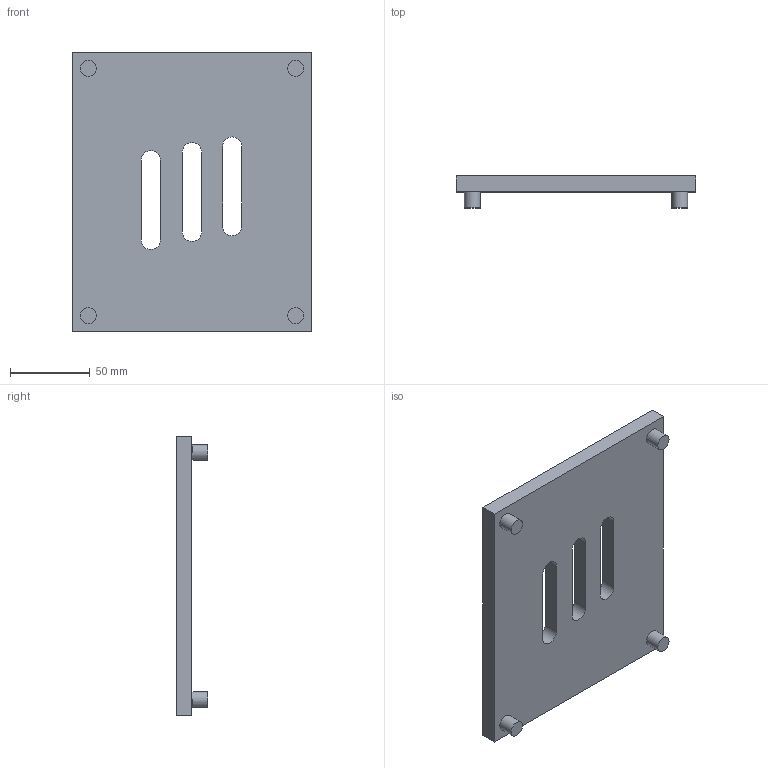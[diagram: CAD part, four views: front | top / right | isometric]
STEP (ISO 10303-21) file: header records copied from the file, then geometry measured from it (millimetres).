
FILE_DESCRIPTION(/* description */ (''),/* implementation_level */ '2;1');
FILE_NAME(/* name */ '',/* time_stamp */ '2022-11-24T12:46:14+08:00',/* author */ (''),/* organization */ (''),/* preprocessor_version */ 'ST-DEVELOPER v19.2',/* originating_system */ 'Autodesk Translation Framework v11.17.0.187',/* authorisation */ '');
FILE_SCHEMA (('AUTOMOTIVE_DESIGN { 1 0 10303 214 3 1 1 }'));
Length unit declared in the file: millimetre
Products named in the file (1): Fusion 零部件
Bounding box: 150 x 20 x 175 mm (x, y, z)
Volume: 244248.7 mm3; surface area: 60109 mm2
Topology: 1 solids, 1 shells, 26 faces, 60 edges, 40 vertices
Faces by surface type: plane 16, cylinder 10
Full cylindrical faces by diameter (mm): 10 x4
Entity records: 789 total; most frequent: DIRECTION 134, CARTESIAN_POINT 127, ORIENTED_EDGE 120, EDGE_CURVE 60, AXIS2_PLACEMENT_3D 47, LINE 40, VECTOR 40, VERTEX_POINT 40
▬▬▬▬▬▬
**Task instructions**
For this exercise, retype the listing above word for word and omit the pictures.

**Solution to the exercise**
[diagram: CAD part, four views: front | top / right | isometric]
STEP (ISO 10303-21) file: header records copied from the file, then geometry measured from it (millimetres).
FILE_DESCRIPTION(/* description */ (''),/* implementation_level */ '2;1');
FILE_NAME(/* name */ '',/* time_stamp */ '2022-11-24T12:46:14+08:00',/* author */ (''),/* organization */ (''),/* preprocessor_version */ 'ST-DEVELOPER v19.2',/* originating_system */ 'Autodesk Translation Framework v11.17.0.187',/* authorisation */ '');
FILE_SCHEMA (('AUTOMOTIVE_DESIGN { 1 0 10303 214 3 1 1 }'));
Length unit declared in the file: millimetre
Products named in the file (1): Fusion 零部件
Bounding box: 150 x 20 x 175 mm (x, y, z)
Volume: 244248.7 mm3; surface area: 60109 mm2
Topology: 1 solids, 1 shells, 26 faces, 60 edges, 40 vertices
Faces by surface type: plane 16, cylinder 10
Full cylindrical faces by diameter (mm): 10 x4
Entity records: 789 total; most frequent: DIRECTION 134, CARTESIAN_POINT 127, ORIENTED_EDGE 120, EDGE_CURVE 60, AXIS2_PLACEMENT_3D 47, LINE 40, VECTOR 40, VERTEX_POINT 40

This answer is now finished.